Dáil debates

Wednesday, 30 June 2021

Land Development Agency Bill 2021: Report and Final Stages

 

8:02 pm

Photo of Michael FitzmauriceMichael Fitzmaurice (Roscommon-Galway, Independent) | Oireachtas source

I am glad to get the opportunity to speak on these Report Stage amendments. I support the LDA because anything we can do to speed up the development of housing is welcome. I ask the Minister to clarify a number of issues. I have received a lot of phone calls today about stuff that is on Facebook and I ask the Minister to clarify matters on the record of the Dáil. It is being said that from next February in rural Ireland, if one's sole income is not from farming, one will not get planning permission. I would like the Minister to confirm that this is not correct. It is flying everywhere at the moment and rural Ireland must be thought about.

The set up of the LDA is going to be vital. I have said previously that I do not believe civil servants should be in it. The Minister needs to bring in people from the private sector and I am on record as saying that. It is not that I have anything against civil servants but we need people who have proven they can deliver. I would have people on bonuses to deliver and not on salaries where it does not matter whether they deliver one or 101 houses.

Those in charge of the LDA and the Minister must do something to address the ferocious logjams that exist at the moment because of judicial reviews, with approximately 10,000 to 15,000 houses held up in Dublin. An issue arose before the Minister's time related to architects. An architects alliance was formed because people were pushed outside of the system, even though they have years of experience. I ask the Minister to deal with them. I understand the Department is trying to resolve the issues. We need as many skilled people as we can get. There is a scarcity of hands, of skilled people. I urge the Minister to work on getting people to come back. There are people in other countries that we need here. They went to England when this country closed down. I refer to digger drivers, pipe layers, plasterers, brick layers. These are top-class, skilled people. A few years ago the Minister for Health offered incentives to healthcare staff to come back to the country. If one returns here from America or Australia, one cannot drive straight away. There must be joined-up thinking on ways to make it easy and attractive for people to come back to this country. We need to dangle some carrots, as well as making all of these other important things work. In order to get to work in Ireland, one needs a car because it is not always feasible to travel by bus.

Someone must call a halt to housing bodies, local authorities and the LDA all bidding for the same parcel of land. That cannot happen because if we keep at that, it is up that the price will go. If there are 35,000 sites in this country that are owned by the State and we put roads, sewers and footpaths in and we fully service those sites, there might be a 5% to 10% difference between building a house in Dublin or in Galway but that is it. An affordable three- or four-bedroom house is between €200,000 and €250,000 and not the figures I see printed everywhere at the moment.
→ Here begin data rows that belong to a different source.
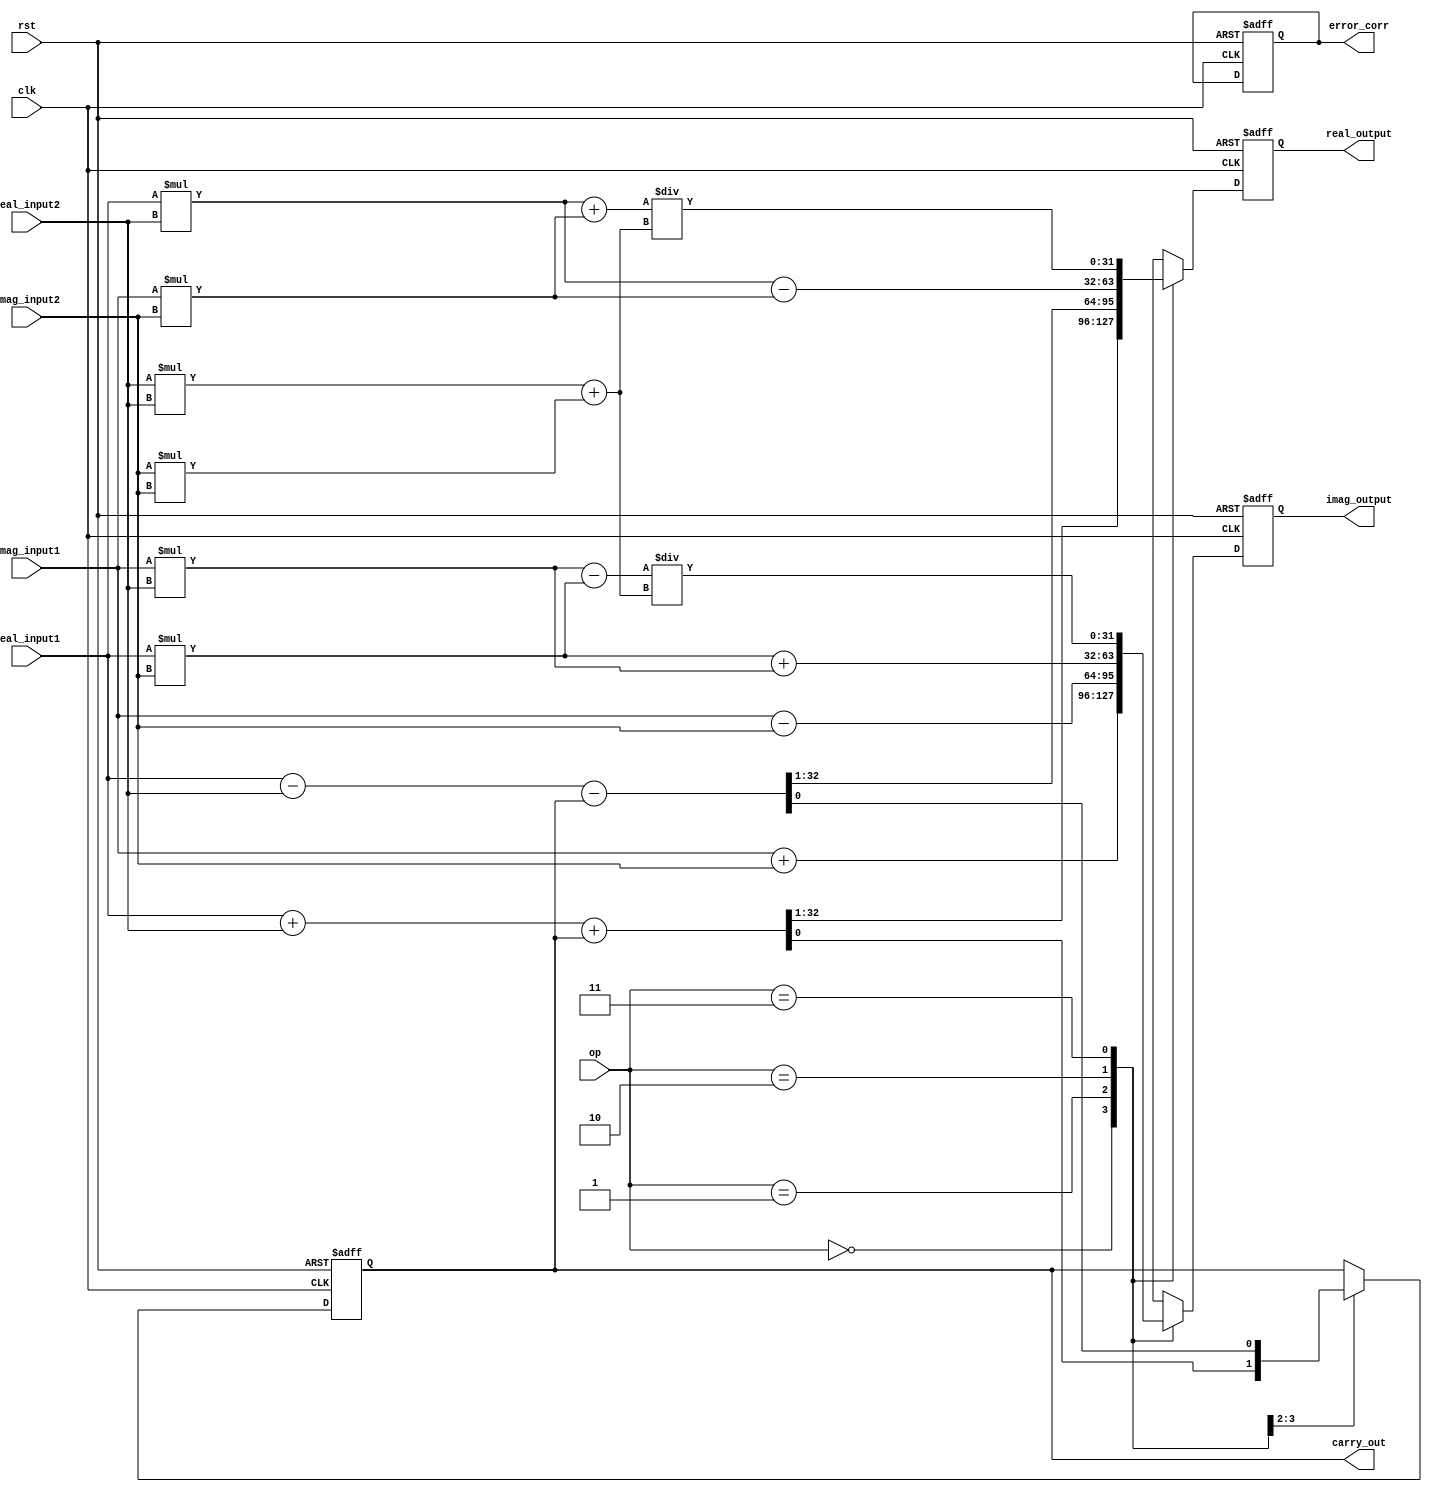
module Complex_ALU (
  input wire clk,
  input wire rst,
  input wire [31:0] real_input1,
  input wire [31:0] imag_input1,
  input wire [31:0] real_input2,
  input wire [31:0] imag_input2,
  input wire [1:0] op, // 00=add, 01=subtract, 10=multiply, 11=divide
  output wire [31:0] real_output,
  output wire [31:0] imag_output,
  output reg carry_out,
  output reg [31:0] error_corr
);

reg [31:0] real_temp, imag_temp;

always @(posedge clk or posedge rst) begin
  if (rst) begin
    real_temp <= 32'b0;
    imag_temp <= 32'b0;
    carry_out <= 1'b0;
    error_corr <= 32'b0;
  end else begin
    case(op)
      2'b00: begin // addition
        {real_temp, carry_out} <= real_input1 + real_input2 + carry_out;
        imag_temp <= imag_input1 + imag_input2;
      end
      2'b01: begin // subtraction
        {real_temp, carry_out} <= real_input1 - real_input2 - carry_out;
        imag_temp <= imag_input1 - imag_input2;
      end
      2'b10: begin // multiplication
        real_temp <= (real_input1 * real_input2) - (imag_input1 * imag_input2);
        imag_temp <= (real_input1 * imag_input2) + (imag_input1 * real_input2);
      end
      2'b11: begin // division
        real_temp <= ((real_input1 * real_input2) + (imag_input1 * imag_input2)) / ((real_input2 * real_input2) + (imag_input2 * imag_input2));
        imag_temp <= ((imag_input1 * real_input2) - (real_input1 * imag_input2)) / ((real_input2 * real_input2) + (imag_input2 * imag_input2));
      end
    endcase
  end
end

assign real_output = real_temp;
assign imag_output = imag_temp;

endmodule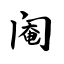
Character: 阉

I hope this works. In fairness, as the previous speaker said, a lot of legislation is being introduced. However, the bottom line is that we must attract the skilled labour that we need. I heard the Tánaiste talking about 40,000 houses per annum and it would be mighty if we could get to that figure but at the moment one could wait six months to get a plumber in some rural areas. We also need to tie in with the likes of the Minister for Further and Higher Education, Research, Innovation and Science to address the class issues and the belief that brickies and plasterers did not spend very long in school.

We must appreciate that those people who are able to use their hands in building are the most skilled people. They are artists and we need to put them on a pedestal in the line of qualifications. Once a year, The Irish Timesor other newspapers detail what colleges students go to. Someone can have all the brains in the world but if he or she is not able to use them they are not worth a damn to him or her. These skilled people who can use their hands are as important to a country as any other person and if people cannot drive the digger, lay the pipe, plaster the house or lay the block, the steel structure for an office block or a roadway that can get the people who want to work into work, be it an accountant, a solicitor, or whomever, cannot be built. We need to make sure we appreciate those people. We also need to make sure that the cycles of bang and bust and high and low stop and that we try to do things on an even keel.

The Minister has a job ahead of him and I wish him the best of luck with it. I hope this works out but the Government should not go down the route of the likes of Irish Water. Irish Water needs more funding because it needs to plan ahead to put in the water and sewer infrastructure required for three, four or five years into the future. This Government will be gone and another Government will enter office. Regardless of who is in power then, Irish Water needs to be planning four, five and six years ahead for what will be needed for housing on sites. If that is not done there will just be a complete bang.